Feeling a visceral delight, she guided the camera to her daughter, who was consulting with the general contractor as they watched the last of the exterior shutters being hung. That contractor, Dean Brannick, was the only male who appeared in every episode, but he had become such a fan favorite that no one minded. As he loped off, Caroline called, “Catch you in a bit, Dean,” and slipped an arm around Jamie’s waist. It was the kind of spontaneous gesture she had hesitated to show at first. Turned out, viewers loved it. Second to the female angle in appeal came the mother-daughter connection.
The resemblance between them was strong—same wide mouth, fern-green eyes, and auburn hair—but their differences were nearly as marked. Caroline let her hair wave, while Jamie blew hers straight; Caroline was five-seven to Jamie’s five-three; Jamie wore the sophisticated neutrals of a young architect, but master carpenter Caroline, when not behind goggles and a chop saw, was known for color. Her yellow jeans were paired today with a matching tank under a slim-fitting turquoise sweater, all in contrast to Jamie’s gray slacks and jacket.
“Talk to us, Jamie,” Caroline invited. “As the architect of record for this project, you’ve been involved since Day One.” She gestured toward the house. “Whaddaya think?”
“I’m pleased,” Jamie replied as they walked on. “The best part of an architect’s job is seeing a house go from modest to amazing, and this one did.” Her pride showed; the camera hung on that. Cutaways of detail work would be inserted later, as would second or third takes, but for now it was all about feeling and flow. “The original structure had one and a half stories and a steeply pitched roof. By raising that roof, we were able to create three generous bedrooms and a loft on the second floor, with an expanded kitchen and a whole new great room underneath.”
“Everything energy-efficient.”
“Totally, from insulated floor joists to double-thick insulation and dual-pane windows.”
“And that’s just the inside.” Caroline raised admiring eyes. “This exterior is something.”
“I agree.

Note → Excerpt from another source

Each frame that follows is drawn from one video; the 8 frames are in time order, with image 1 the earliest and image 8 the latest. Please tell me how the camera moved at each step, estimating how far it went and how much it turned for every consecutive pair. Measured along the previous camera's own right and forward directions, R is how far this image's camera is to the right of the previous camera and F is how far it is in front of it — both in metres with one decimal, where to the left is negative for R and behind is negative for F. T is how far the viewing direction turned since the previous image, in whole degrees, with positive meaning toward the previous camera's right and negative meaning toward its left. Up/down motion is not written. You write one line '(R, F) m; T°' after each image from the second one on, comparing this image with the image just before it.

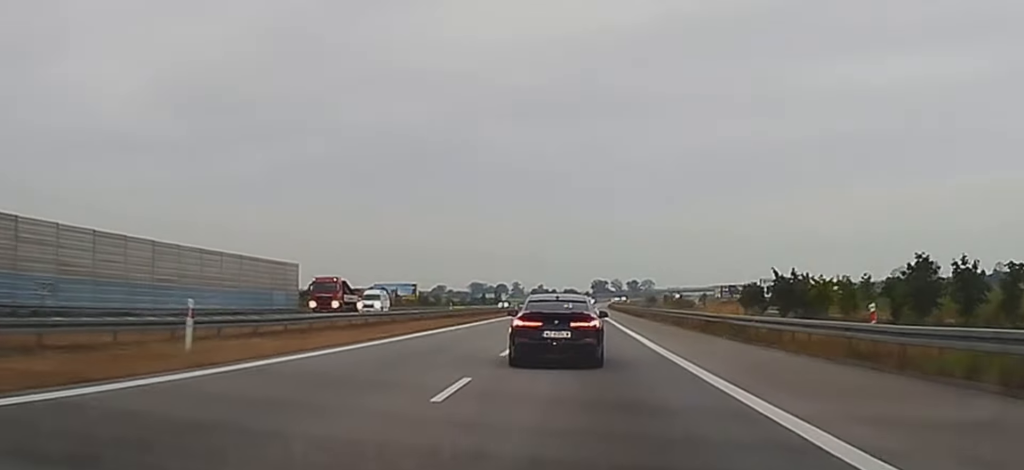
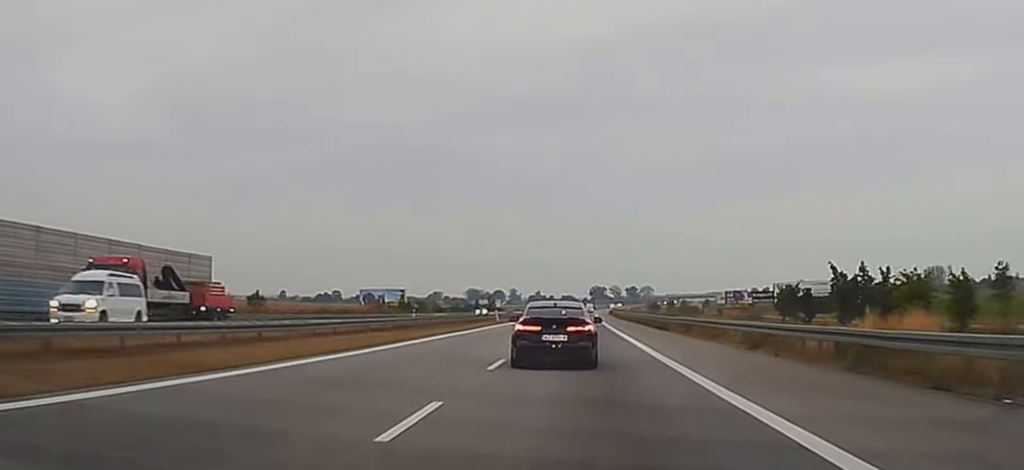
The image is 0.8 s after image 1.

The homeowners wanted to dress things up without losing the flavor of the original Cape,” Jamie reminded viewers, “so we bumped out the front foyer and added fieldstone to the facade. And new gables over the second-floor windows? Wow.” Her eyes touched the brackets under each gable. “Gotta love those corbels.”

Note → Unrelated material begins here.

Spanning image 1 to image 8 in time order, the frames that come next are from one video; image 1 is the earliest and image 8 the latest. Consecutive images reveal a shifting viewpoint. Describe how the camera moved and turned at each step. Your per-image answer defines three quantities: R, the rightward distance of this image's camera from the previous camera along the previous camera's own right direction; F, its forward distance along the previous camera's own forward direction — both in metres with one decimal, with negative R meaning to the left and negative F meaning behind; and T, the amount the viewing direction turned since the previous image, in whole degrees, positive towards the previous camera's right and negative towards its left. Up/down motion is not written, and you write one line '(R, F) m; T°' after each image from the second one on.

“Amen,” smiled Caroline, who had carved them herself.
“Not amen,” broke in the producer with a hand on the cameraman’s shoulder to signal a cut. “This isn’t about religion. Jamie, sweetheart, repeat that last line.”

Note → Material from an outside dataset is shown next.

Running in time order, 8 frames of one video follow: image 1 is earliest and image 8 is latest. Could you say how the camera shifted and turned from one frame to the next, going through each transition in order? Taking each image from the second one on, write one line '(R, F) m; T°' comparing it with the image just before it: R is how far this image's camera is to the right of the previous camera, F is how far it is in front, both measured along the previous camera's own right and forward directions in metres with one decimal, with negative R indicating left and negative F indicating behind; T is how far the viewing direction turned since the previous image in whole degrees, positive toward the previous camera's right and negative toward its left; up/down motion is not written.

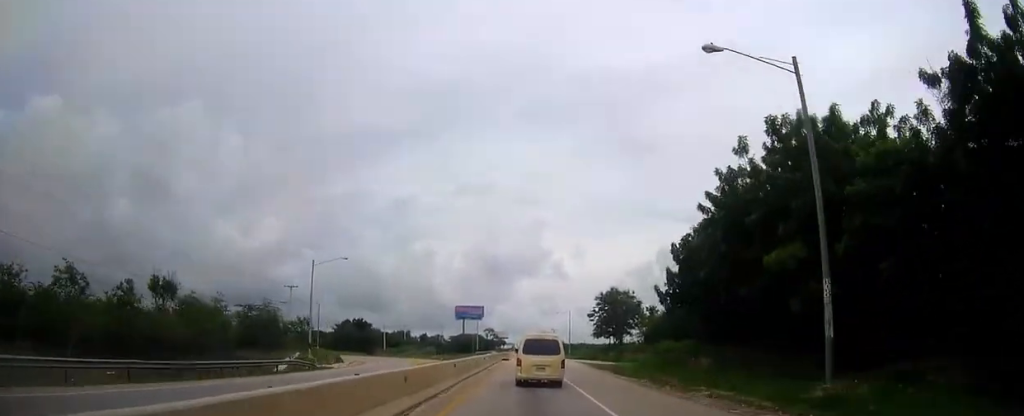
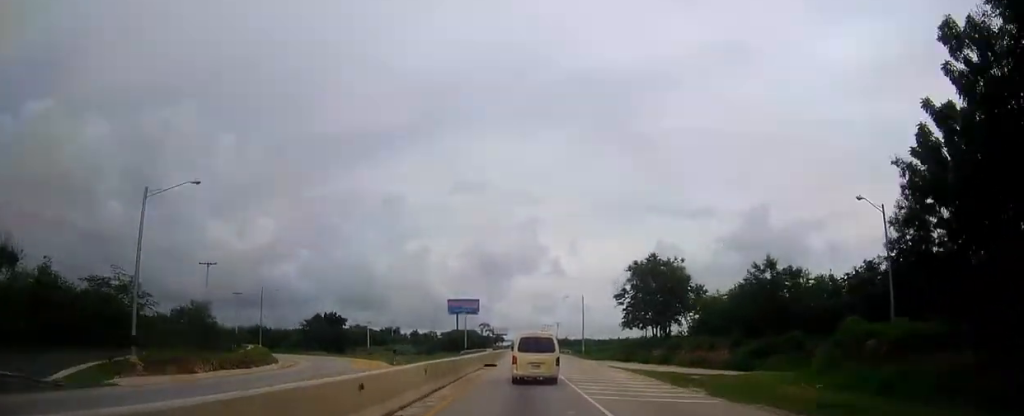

Jamie did. This time, Caroline managed a whole other kind of smile and said, “Absolutely,” before moving on to the colors Dean had picked. The man was multifaceted. In addition to ordering supplies and hiring subs, he could handle any aspect of construction, including the egos of men who did grunt work in a world of women, and homeowners who had no clue about exterior paint. Here, cedar shingles picked up a deep gray from the stonework, while the trim was a startlingly pure white.
“Crisp and fresh,” Jamie breathed. “And it all blends with the architectural shingles he chose for the roof.”
“What we don’t see from here, of course…”
“… are the triple-junction solar cell panels. They’re another aspect of the energy-efficient reconstruction of this house.”
“All of which we’ll get to later. For now, I’m just stunned at how elegant a Cape can look.”
Jamie laughed her agreement. “This house used to be old. Now it has a reinvigorated sense of tradition. Take these cobblestones. Dean found them in a mill warehouse in New Hampshire. They date back to the turn of the twentieth century.” She glanced at Caroline. “Remember the detached one-car garage that was here?”
“It was an eyesore.”
“And inadequate. The LaValles have four kids who’ll be driving soon, hence a new three-car attached garage at the back of the house. By leveling the old one, we not only removed a visual distraction but gained valuable land abutting the kitchen.” A cutaway would show the new patio, replete with trelliswork and a raised fire pit.
After a discussion of the challenges posed by the topography of the lot, Caroline drew the camera’s eye back to the front porch. “The stone columns add an arts-and-crafts element, which enhances the curb appeal tenfold. And just look at the front door. It’s taller and wider than it was, and the sidelights make it grand. Jamie, you always envisioned an imposing entrance—”
“Wait,” the producer cut in. “Caroline, you’re talking too much. Let Jamie speak.”
Caroline felt an inkling of annoyance. She wasn’t doing any more than she ever did, but the point was too petty to argue. Thinking that she was ready to be free of Claire Howe for a few months, she said, “Okay. That’s fine.” She glanced at Jamie, who nodded.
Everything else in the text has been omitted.